**TASK PROMPT:** Set down the entries that follow exactly as written, leaving out any images.

Content starts

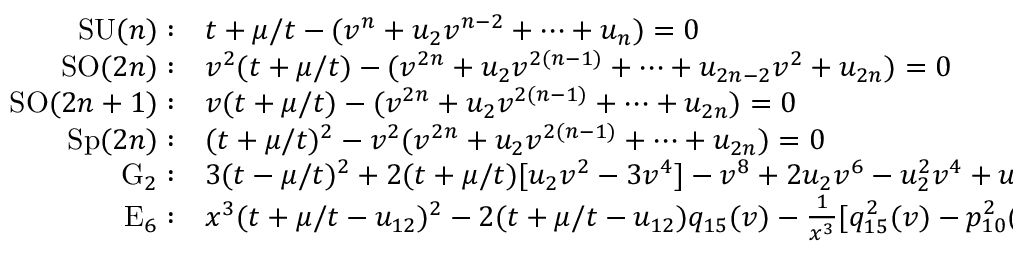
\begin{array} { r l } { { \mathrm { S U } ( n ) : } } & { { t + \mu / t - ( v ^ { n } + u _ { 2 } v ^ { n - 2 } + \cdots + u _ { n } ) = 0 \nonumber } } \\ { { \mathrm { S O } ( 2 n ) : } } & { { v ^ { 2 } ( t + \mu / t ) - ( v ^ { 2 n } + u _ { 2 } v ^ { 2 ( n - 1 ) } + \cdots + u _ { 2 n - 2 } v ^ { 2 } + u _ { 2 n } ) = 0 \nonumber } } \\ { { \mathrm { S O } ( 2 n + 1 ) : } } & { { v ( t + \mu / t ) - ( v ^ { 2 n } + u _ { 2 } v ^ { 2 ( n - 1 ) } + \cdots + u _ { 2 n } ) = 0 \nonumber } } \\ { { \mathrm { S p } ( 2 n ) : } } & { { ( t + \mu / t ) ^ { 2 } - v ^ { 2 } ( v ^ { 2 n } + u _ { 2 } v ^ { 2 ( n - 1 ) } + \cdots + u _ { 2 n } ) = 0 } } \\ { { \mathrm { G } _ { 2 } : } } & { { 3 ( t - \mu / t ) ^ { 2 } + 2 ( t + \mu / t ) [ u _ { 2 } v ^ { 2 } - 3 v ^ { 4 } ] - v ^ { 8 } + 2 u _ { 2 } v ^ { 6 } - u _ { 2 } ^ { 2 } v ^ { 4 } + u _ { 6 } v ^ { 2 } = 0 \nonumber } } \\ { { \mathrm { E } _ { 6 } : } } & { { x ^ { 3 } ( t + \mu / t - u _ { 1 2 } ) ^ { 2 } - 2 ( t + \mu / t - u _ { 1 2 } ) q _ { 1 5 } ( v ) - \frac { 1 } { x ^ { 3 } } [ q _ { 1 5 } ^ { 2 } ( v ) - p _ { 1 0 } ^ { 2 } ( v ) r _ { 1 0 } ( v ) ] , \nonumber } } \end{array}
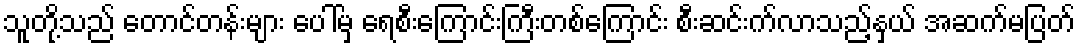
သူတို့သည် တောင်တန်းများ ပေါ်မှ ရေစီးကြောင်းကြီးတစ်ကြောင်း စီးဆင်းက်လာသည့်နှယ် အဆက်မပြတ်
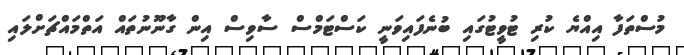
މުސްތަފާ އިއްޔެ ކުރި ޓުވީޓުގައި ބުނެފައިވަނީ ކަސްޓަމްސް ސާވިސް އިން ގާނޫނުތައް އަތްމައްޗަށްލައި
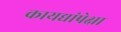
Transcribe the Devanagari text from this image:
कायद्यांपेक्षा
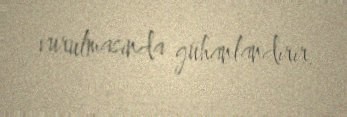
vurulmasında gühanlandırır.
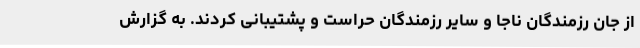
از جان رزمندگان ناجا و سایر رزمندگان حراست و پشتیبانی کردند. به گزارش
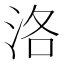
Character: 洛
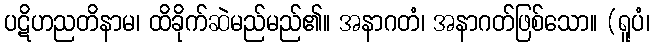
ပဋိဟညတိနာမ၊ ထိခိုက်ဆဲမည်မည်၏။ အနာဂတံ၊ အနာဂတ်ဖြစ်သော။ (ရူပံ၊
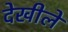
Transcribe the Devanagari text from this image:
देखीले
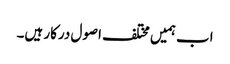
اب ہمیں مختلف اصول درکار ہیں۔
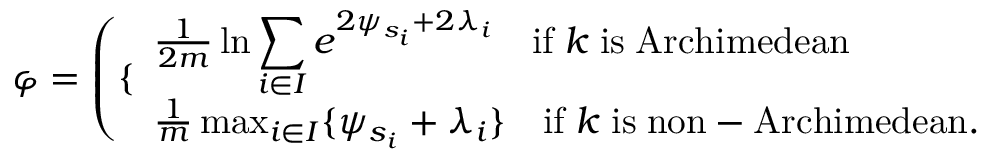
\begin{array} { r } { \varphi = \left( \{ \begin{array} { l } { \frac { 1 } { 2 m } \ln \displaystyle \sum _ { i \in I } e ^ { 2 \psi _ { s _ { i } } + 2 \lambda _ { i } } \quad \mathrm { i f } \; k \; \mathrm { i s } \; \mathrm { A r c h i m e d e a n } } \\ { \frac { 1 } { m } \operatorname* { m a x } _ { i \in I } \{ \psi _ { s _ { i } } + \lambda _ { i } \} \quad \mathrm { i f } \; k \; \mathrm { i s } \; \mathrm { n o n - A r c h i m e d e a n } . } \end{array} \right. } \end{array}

Content ends

**YOUR RESPONSE:**
\begin{array} { r l } { { \mathrm { S U } ( n ) : } } & { { t + \mu / t - ( v ^ { n } + u _ { 2 } v ^ { n - 2 } + \cdots + u _ { n } ) = 0 \nonumber } } \\ { { \mathrm { S O } ( 2 n ) : } } & { { v ^ { 2 } ( t + \mu / t ) - ( v ^ { 2 n } + u _ { 2 } v ^ { 2 ( n - 1 ) } + \cdots + u _ { 2 n - 2 } v ^ { 2 } + u _ { 2 n } ) = 0 \nonumber } } \\ { { \mathrm { S O } ( 2 n + 1 ) : } } & { { v ( t + \mu / t ) - ( v ^ { 2 n } + u _ { 2 } v ^ { 2 ( n - 1 ) } + \cdots + u _ { 2 n } ) = 0 \nonumber } } \\ { { \mathrm { S p } ( 2 n ) : } } & { { ( t + \mu / t ) ^ { 2 } - v ^ { 2 } ( v ^ { 2 n } + u _ { 2 } v ^ { 2 ( n - 1 ) } + \cdots + u _ { 2 n } ) = 0 } } \\ { { \mathrm { G } _ { 2 } : } } & { { 3 ( t - \mu / t ) ^ { 2 } + 2 ( t + \mu / t ) [ u _ { 2 } v ^ { 2 } - 3 v ^ { 4 } ] - v ^ { 8 } + 2 u _ { 2 } v ^ { 6 } - u _ { 2 } ^ { 2 } v ^ { 4 } + u _ { 6 } v ^ { 2 } = 0 \nonumber } } \\ { { \mathrm { E } _ { 6 } : } } & { { x ^ { 3 } ( t + \mu / t - u _ { 1 2 } ) ^ { 2 } - 2 ( t + \mu / t - u _ { 1 2 } ) q _ { 1 5 } ( v ) - \frac { 1 } { x ^ { 3 } } [ q _ { 1 5 } ^ { 2 } ( v ) - p _ { 1 0 } ^ { 2 } ( v ) r _ { 1 0 } ( v ) ] , \nonumber } } \end{array}
သူတို့သည် တောင်တန်းများ ပေါ်မှ ရေစီးကြောင်းကြီးတစ်ကြောင်း စီးဆင်းက်လာသည့်နှယ် အဆက်မပြတ်
މުސްތަފާ އިއްޔެ ކުރި ޓުވީޓުގައި ބުނެފައިވަނީ ކަސްޓަމްސް ސާވިސް އިން ގާނޫނުތައް އަތްމައްޗަށްލައި
Transcribe the Devanagari text from this image:
कायद्यांपेक्षा
vurulmasında gühanlandırır.
از جان رزمندگان ناجا و سایر رزمندگان حراست و پشتیبانی کردند. به گزارش
Character: 洛
ပဋိဟညတိနာမ၊ ထိခိုက်ဆဲမည်မည်၏။ အနာဂတံ၊ အနာဂတ်ဖြစ်သော။ (ရူပံ၊
Transcribe the Devanagari text from this image:
देखीले
اب ہمیں مختلف اصول درکار ہیں۔
\begin{array} { r } { \varphi = \left( \{ \begin{array} { l } { \frac { 1 } { 2 m } \ln \displaystyle \sum _ { i \in I } e ^ { 2 \psi _ { s _ { i } } + 2 \lambda _ { i } } \quad \mathrm { i f } \; k \; \mathrm { i s } \; \mathrm { A r c h i m e d e a n } } \\ { \frac { 1 } { m } \operatorname* { m a x } _ { i \in I } \{ \psi _ { s _ { i } } + \lambda _ { i } \} \quad \mathrm { i f } \; k \; \mathrm { i s } \; \mathrm { n o n - A r c h i m e d e a n } . } \end{array} \right. } \end{array}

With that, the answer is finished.